Key distinction from malaria: Babesia shows tetrads (Maltese cross), no pigment (hemozoin); different geographic/exposure history

Board pearl: Babesiosis and malaria both cause intraerythrocytic ring forms — look for Maltese cross (Babesia) vs. banana-shaped gametocytes (P. falciparum) on smear.

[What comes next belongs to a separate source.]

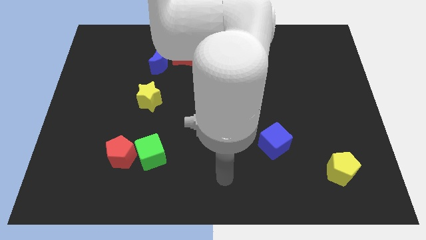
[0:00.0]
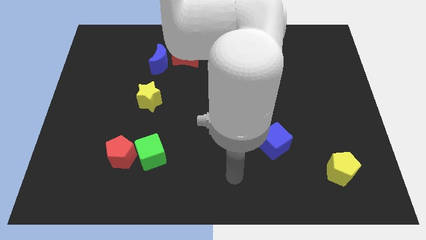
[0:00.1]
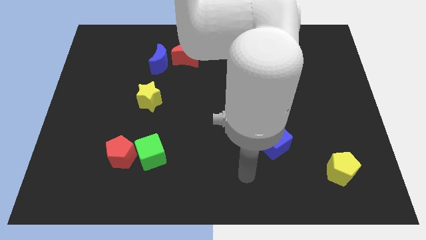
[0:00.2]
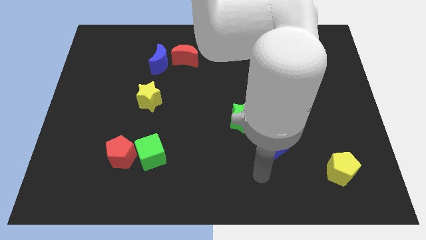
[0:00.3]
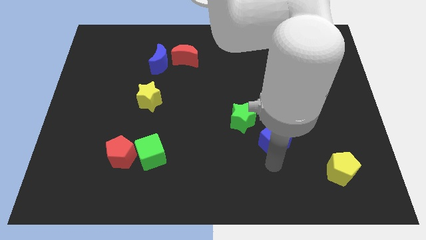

Dengue fever: travel to tropics, fever, severe myalgia ("breakbone"), retro-orbital pain, thrombocytopenia, rash, ↑ HCT (hemoconcentration) — NO hemolytic anemia (key distinction)
Typhoid fever (Salmonella typhi): travel to South Asia, stepwise fever, relative bradycardia, rose spots, hepatosplenomegaly — diagnose with blood culture
Leptospirosis: fresh water exposure in tropics, conjunctival suffusion, jaundice + renal failure (Weil disease)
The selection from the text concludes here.